Calculate Tension of Mass 2.4x10^-3 kg & Length 0.60m @ 100Hz

[naeblis]

A string of mass 2.4 x 10 ^ -3 kg and length 0.60 meters vibrates transversely in such a way that its fundamental frequency is 100Hz. The tension on this string must be approximately _____.

any help with this would be appreciated, i am not quite sure what i have to do.

 

[OlderDan]

A string of mass 2.4 x 10 ^ -3 kg and length 0.60 meters vibrates transversely in such a way that its fundamental frequency is 100Hz. The tension on this string must be approximately _____.

any help with this would be appreciated, i am not quite sure what i have to do.

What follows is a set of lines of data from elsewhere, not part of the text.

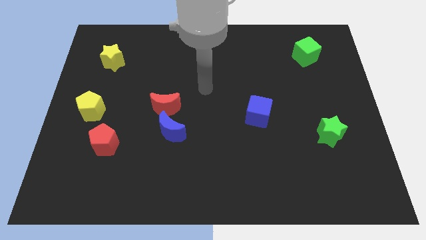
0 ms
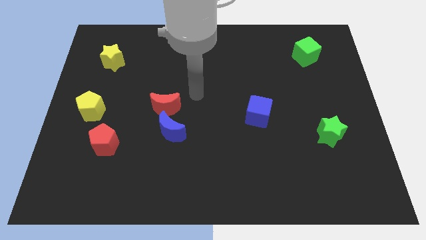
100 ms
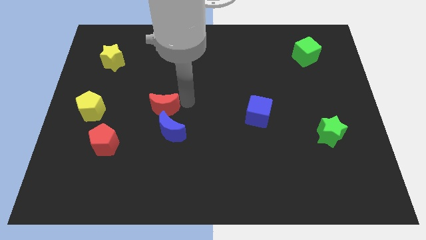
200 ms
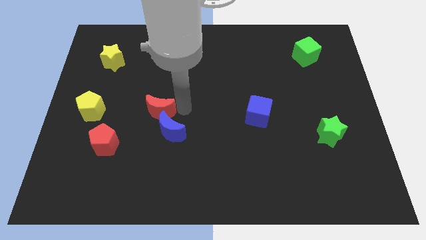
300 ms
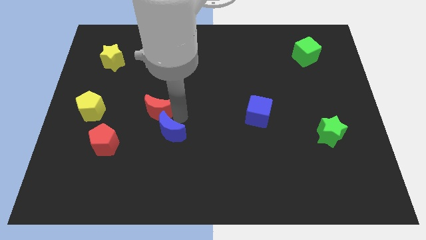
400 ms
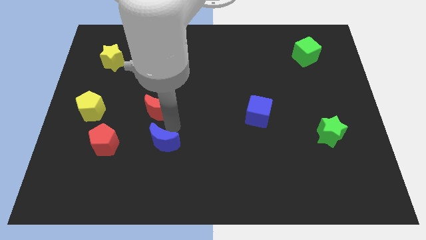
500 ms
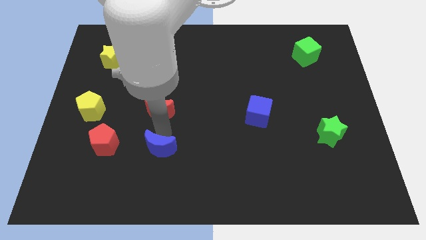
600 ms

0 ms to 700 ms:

Find the equation that relates frequency of vibration of a string to the tension and mass per unit length. You have all the information to need to use it

 

[naeblis]

i've been trying to work it with

v = (<tension>/<linear mass density>)^(!/2)

where i get stuck is the v. how do i figure out the velocity of the wave from the frequency. i know v= (f)(lambda)

i worked

(f)(lambda) = (<tension>/<linear mass density>)^(!/2)

and got

tension = (40)(lambda^2)

but i am not sure how to figure out the wavelength or if i even can.

 

[OlderDan]

i've been trying to work it with

v = (<tension>/<linear mass density>)^(!/2)

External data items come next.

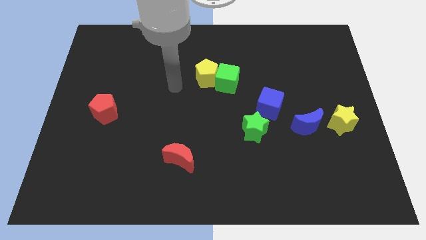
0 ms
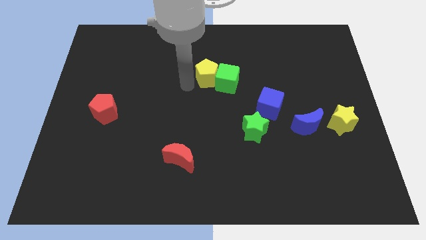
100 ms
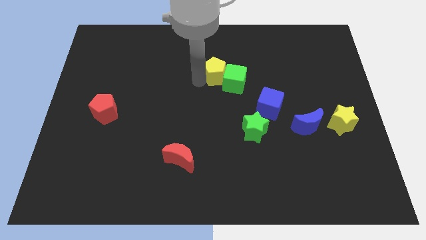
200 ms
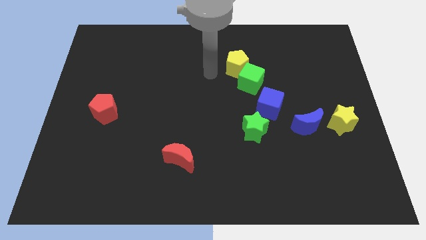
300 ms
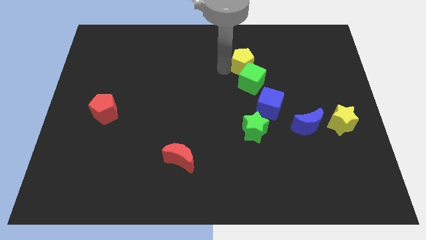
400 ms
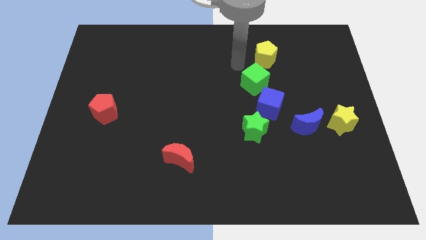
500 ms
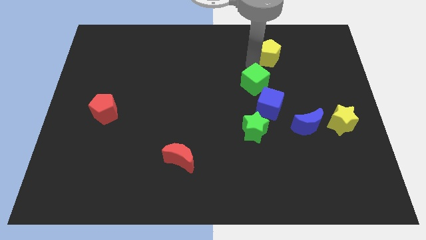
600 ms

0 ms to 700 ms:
move the green cube away from the yellow pentagon

where i get stuck is the v. how do i figure out the velocity of the wave from the frequency. i know v= (f)(lambda)

i worked

(f)(lambda) = (<tension>/<linear mass density>)^(!/2)

and got

tension = (40)(lambda^2)

but i am not sure how to figure out the wavelength or if i even can.

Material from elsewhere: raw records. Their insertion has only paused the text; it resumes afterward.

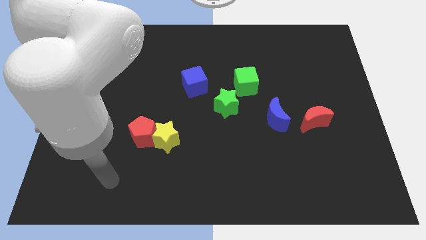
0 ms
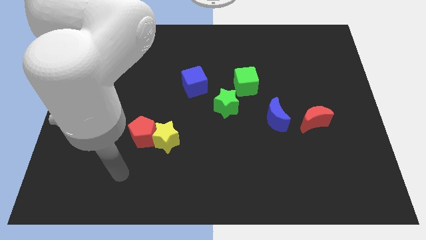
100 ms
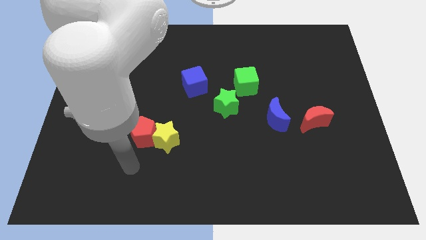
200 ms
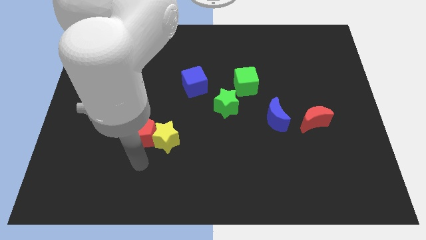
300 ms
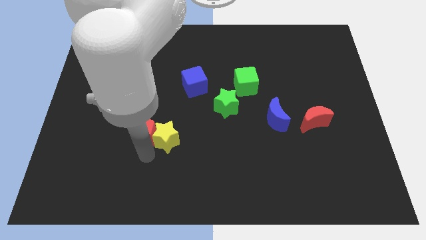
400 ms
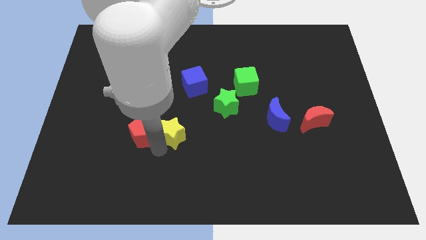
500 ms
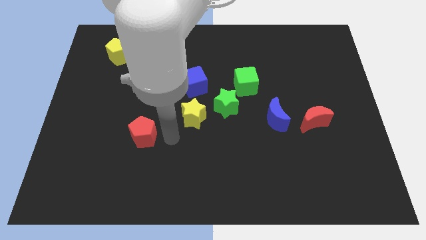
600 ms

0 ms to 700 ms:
pull the red pentagon apart from the yellow star

The string is attached at both ends, and it is vibrating in its fundamental mode, or at least the frequency of its fundamental mode is given. You can figure out the wavelength of the fundamental mode from that information.

 

[naeblis]

ok ok ok so f = n(v/2L) where n =1

so i have 100Hz = (v/(2)(0.60m))

therefore v = 120 Hz/m

and then i can say

120 = (F / .004)^(1/2)

F = 57.6?

 

[Tony Zalles]

Hi,

Your given:

m = mass
(fn) = fndamental frequecny

ok now we need the force of tension on the string.

Ok so let's work it out.

(fn) = v/(lambda)

[lambda = wavelength]

And for a string...

(lambda) = 2L

[L = length of string]

thus (lambda) = 2L

and...(fn) = v/(lambda)
which is..(fn) = v/(2L)

rearrange for v, therefore: (2L)*(fn) = v

[* = multiplied]

now i believe you remembered v = ((Ft)/(mu))^(1/2)

[mu = linear mass density = m/L]

thus v = ((Ft)/(m/L))^(1/2)

now from here set what we got for v earlier, v = (2L)*(fn)

equal to v = ((Ft)/(m/L))^(1/2)

rearrange for (Ft) and there's your answer.

-Tony Zalles.

 

[OlderDan]

ok ok ok so f = n(v/2L) where n =1

so i have 100Hz = (v/(2)(0.60m))

therefore v = 120 Hz/m

and then i can say

120 = (F / .004)^(1/2)

F = 57.6?

Throw in some proper units and I think you have it.